Exercise directions: From the listing below, output only the lines starting at the line that has "#31321 = VERTEX_POINT ( 'NONE', #129925 ) ;" and ending at the line that has "#45928 = FACE_OUTER_BOUND", exactly as they appear, ends included.

Exercise materials:
# # # #

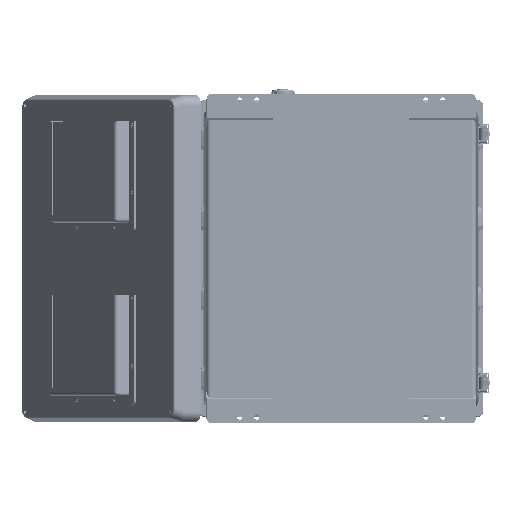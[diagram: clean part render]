
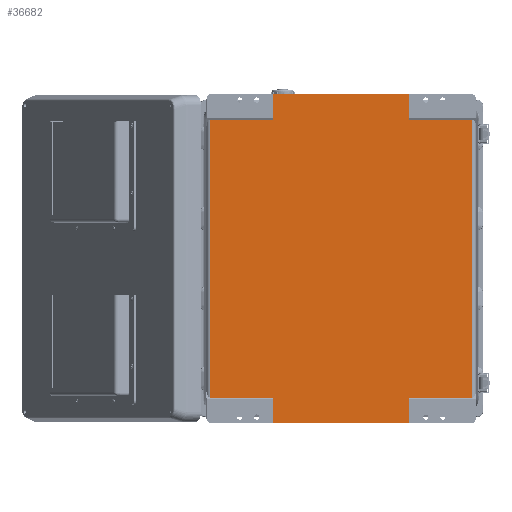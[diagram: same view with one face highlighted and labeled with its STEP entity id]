
A CAD part, front view. The second image highlights one B-rep face of the part: STEP entity #36682.
In plain terms, the highlighted planar face has unit normal (0, -1, 0).
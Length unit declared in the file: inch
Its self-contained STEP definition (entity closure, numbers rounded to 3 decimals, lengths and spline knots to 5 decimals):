
#1120 = CARTESIAN_POINT ( 'NONE',  ( -7.73754, 0.05906, -17.96858 ) ) ;
#1196 = DIRECTION ( 'NONE',  ( 0., 0., -1. ) ) ;
#5901 = VECTOR ( 'NONE', #126747, 39.37008 ) ;
#6246 = DIRECTION ( 'NONE',  ( 0., 0., 1. ) ) ;
#10876 = VECTOR ( 'NONE', #128970, 39.37008 ) ;
#12611 = VECTOR ( 'NONE', #188065, 39.37008 ) ;
#15263 = CARTESIAN_POINT ( 'NONE',  ( -8.11811, 0.05906, -17.96858 ) ) ;
#16944 = DIRECTION ( 'NONE',  ( 0., 1., 0. ) ) ;
#19725 = CARTESIAN_POINT ( 'NONE',  ( -4.03163, 0.05906, -20.34606 ) ) ;
#20686 = LINE ( 'NONE', #61610, #232023 ) ;
#25406 = LINE ( 'NONE', #15263, #88894 ) ;
#31321 = VERTEX_POINT ( 'NONE', #129925 ) ;
#32793 = CARTESIAN_POINT ( 'NONE',  ( -7.73754, 0.05906, -1.51961 ) ) ;
#35282 = CARTESIAN_POINT ( 'NONE',  ( 8.11811, 0.05906, 0. ) ) ;
#36682 = ADVANCED_FACE ( 'NONE', ( #45928 ), #55026, .F. ) ;
#37984 = EDGE_CURVE ( 'NONE', #31321, #64617, #20686, .T. ) ;
#38370 = VECTOR ( 'NONE', #6246, 39.37008 ) ;
#38574 = VERTEX_POINT ( 'NONE', #46927 ) ;
#39357 = DIRECTION ( 'NONE',  ( 0., 0., 1. ) ) ;
#45181 = ORIENTED_EDGE ( 'NONE', *, *, #228409, .T. ) ;
#45928 = FACE_OUTER_BOUND ( 'NONE', #153885, .T. ) ;
#46927 = CARTESIAN_POINT ( 'NONE',  ( -4.03163, 0.05906, -1.51961 ) ) ;
#49432 = CARTESIAN_POINT ( 'NONE',  ( -4.03163, 0.05906, 0. ) ) ;
#52197 = CARTESIAN_POINT ( 'NONE',  ( 4.03163, 0.05906, -1.51961 ) ) ;
#53321 = VERTEX_POINT ( 'NONE', #69996 ) ;
#54389 = VERTEX_POINT ( 'NONE', #52197 ) ;
#54486 = ORIENTED_EDGE ( 'NONE', *, *, #193693, .F. ) ;
#55026 = PLANE ( 'NONE',  #240331 ) ;
#55789 = ORIENTED_EDGE ( 'NONE', *, *, #204603, .F. ) ;
#57207 = ORIENTED_EDGE ( 'NONE', *, *, #109729, .T. ) ;
#59095 = CARTESIAN_POINT ( 'NONE',  ( 7.73754, 0.05906, -1.51961 ) ) ;
#59930 = DIRECTION ( 'NONE',  ( 0., 0., 1. ) ) ;
#61610 = CARTESIAN_POINT ( 'NONE',  ( 4.03163, 0.05906, -20.34606 ) ) ;
#62166 = LINE ( 'NONE', #225063, #10876 ) ;
#62795 = ORIENTED_EDGE ( 'NONE', *, *, #240072, .T. ) ;
#64617 = VERTEX_POINT ( 'NONE', #134831 ) ;
#67271 = VECTOR ( 'NONE', #1196, 39.37008 ) ;
#69996 = CARTESIAN_POINT ( 'NONE',  ( 4.03163, 0.05906, 0. ) ) ;
#72877 = VERTEX_POINT ( 'NONE', #1120 ) ;
#72973 = VECTOR ( 'NONE', #119237, 39.37008 ) ;
#74432 = DIRECTION ( 'NONE',  ( 0., 0., 1. ) ) ;
#80828 = EDGE_CURVE ( 'NONE', #72877, #159051, #175856, .T. ) ;
#83843 = ORIENTED_EDGE ( 'NONE', *, *, #148241, .F. ) ;
#88573 = VECTOR ( 'NONE', #125255, 39.37008 ) ;
#88894 = VECTOR ( 'NONE', #112404, 39.37008 ) ;
#89760 = LINE ( 'NONE', #163350, #38370 ) ;
#95160 = CARTESIAN_POINT ( 'NONE',  ( -4.03163, 0.05906, 0.85787 ) ) ;
#99856 = VECTOR ( 'NONE', #59930, 39.37008 ) ;
#101940 = VECTOR ( 'NONE', #39357, 39.37008 ) ;
#109651 = VERTEX_POINT ( 'NONE', #167316 ) ;
#109729 = EDGE_CURVE ( 'NONE', #72877, #135835, #25406, .T. ) ;
#112404 = DIRECTION ( 'NONE',  ( 1., 0., 0. ) ) ;
#114852 = VERTEX_POINT ( 'NONE', #250035 ) ;
#118338 = LINE ( 'NONE', #35282, #175761 ) ;
#119237 = DIRECTION ( 'NONE',  ( -1., 0., 0. ) ) ;
#124341 = LINE ( 'NONE', #140286, #72973 ) ;
#125255 = DIRECTION ( 'NONE',  ( 1., 0., 0. ) ) ;
#125643 = EDGE_CURVE ( 'NONE', #135835, #129646, #188086, .T. ) ;
#126747 = DIRECTION ( 'NONE',  ( -1., 0., 0. ) ) ;
#128970 = DIRECTION ( 'NONE',  ( -1., 0., 0. ) ) ;
#129646 = VERTEX_POINT ( 'NONE', #216559 ) ;
#129925 = CARTESIAN_POINT ( 'NONE',  ( 4.03163, 0.05906, -17.96858 ) ) ;
#132435 = ORIENTED_EDGE ( 'NONE', *, *, #181454, .T. ) ;
#134831 = CARTESIAN_POINT ( 'NONE',  ( 4.03163, 0.05906, -19.48819 ) ) ;
#135835 = VERTEX_POINT ( 'NONE', #203901 ) ;
#140011 = ORIENTED_EDGE ( 'NONE', *, *, #248305, .T. ) ;
#140286 = CARTESIAN_POINT ( 'NONE',  ( 8.11811, 0.05906, -19.48819 ) ) ;
#146174 = CARTESIAN_POINT ( 'NONE',  ( 8.11811, 0.05906, -17.96858 ) ) ;
#148241 = EDGE_CURVE ( 'NONE', #64617, #129646, #124341, .T. ) ;
#153275 = LINE ( 'NONE', #95160, #101940 ) ;
#153627 = ORIENTED_EDGE ( 'NONE', *, *, #125643, .T. ) ;
#153885 = EDGE_LOOP ( 'NONE', ( #159073, #57207, #153627, #83843, #168830, #55789, #140011, #45181, #132435, #62795, #186614, #54486 ) ) ;
#159051 = VERTEX_POINT ( 'NONE', #32793 ) ;
#159073 = ORIENTED_EDGE ( 'NONE', *, *, #80828, .F. ) ;
#160863 = EDGE_CURVE ( 'NONE', #38574, #217805, #153275, .T. ) ;
#163350 = CARTESIAN_POINT ( 'NONE',  ( 4.03163, 0.05906, 0.85787 ) ) ;
#167316 = CARTESIAN_POINT ( 'NONE',  ( 7.73754, 0.05906, -1.51961 ) ) ;
#168830 = ORIENTED_EDGE ( 'NONE', *, *, #37984, .F. ) ;
#175761 = VECTOR ( 'NONE', #225151, 39.37008 ) ;
#175856 = LINE ( 'NONE', #184795, #12611 ) ;
#181454 = EDGE_CURVE ( 'NONE', #54389, #53321, #89760, .T. ) ;
#184795 = CARTESIAN_POINT ( 'NONE',  ( -7.73754, 0.05906, -1.51961 ) ) ;
#186614 = ORIENTED_EDGE ( 'NONE', *, *, #160863, .F. ) ;
#188065 = DIRECTION ( 'NONE',  ( 0., 0., 1. ) ) ;
#188086 = LINE ( 'NONE', #19725, #67271 ) ;
#188333 = LINE ( 'NONE', #202102, #88573 ) ;
#190088 = CARTESIAN_POINT ( 'NONE',  ( 8.11811, 0.05906, -1.51961 ) ) ;
#193693 = EDGE_CURVE ( 'NONE', #159051, #38574, #188333, .T. ) ;
#195919 = DIRECTION ( 'NONE',  ( 0., 0., -1. ) ) ;
#202102 = CARTESIAN_POINT ( 'NONE',  ( -8.11811, 0.05906, -1.51961 ) ) ;
#203901 = CARTESIAN_POINT ( 'NONE',  ( -4.03163, 0.05906, -17.96858 ) ) ;
#204603 = EDGE_CURVE ( 'NONE', #114852, #31321, #244260, .T. ) ;
#214518 = LINE ( 'NONE', #59095, #99856 ) ;
#216559 = CARTESIAN_POINT ( 'NONE',  ( -4.03163, 0.05906, -19.48819 ) ) ;
#217805 = VERTEX_POINT ( 'NONE', #49432 ) ;
#225063 = CARTESIAN_POINT ( 'NONE',  ( 8.11811, 0.05906, -1.51961 ) ) ;
#225151 = DIRECTION ( 'NONE',  ( -1., 0., 0. ) ) ;
#228409 = EDGE_CURVE ( 'NONE', #109651, #54389, #62166, .T. ) ;
#232023 = VECTOR ( 'NONE', #195919, 39.37008 ) ;
#240072 = EDGE_CURVE ( 'NONE', #53321, #217805, #118338, .T. ) ;
#240331 = AXIS2_PLACEMENT_3D ( 'NONE', #190088, #16944, #74432 ) ;
#244260 = LINE ( 'NONE', #146174, #5901 ) ;
#248305 = EDGE_CURVE ( 'NONE', #114852, #109651, #214518, .T. ) ;
#250035 = CARTESIAN_POINT ( 'NONE',  ( 7.73754, 0.05906, -17.96858 ) ) ;

# # # #

Your solution:
#31321 = VERTEX_POINT ( 'NONE', #129925 ) ;
#32793 = CARTESIAN_POINT ( 'NONE',  ( -7.73754, 0.05906, -1.51961 ) ) ;
#35282 = CARTESIAN_POINT ( 'NONE',  ( 8.11811, 0.05906, 0. ) ) ;
#36682 = ADVANCED_FACE ( 'NONE', ( #45928 ), #55026, .F. ) ;
#37984 = EDGE_CURVE ( 'NONE', #31321, #64617, #20686, .T. ) ;
#38370 = VECTOR ( 'NONE', #6246, 39.37008 ) ;
#38574 = VERTEX_POINT ( 'NONE', #46927 ) ;
#39357 = DIRECTION ( 'NONE',  ( 0., 0., 1. ) ) ;
#45181 = ORIENTED_EDGE ( 'NONE', *, *, #228409, .T. ) ;
#45928 = FACE_OUTER_BOUND ( 'NONE', #153885, .T. ) ;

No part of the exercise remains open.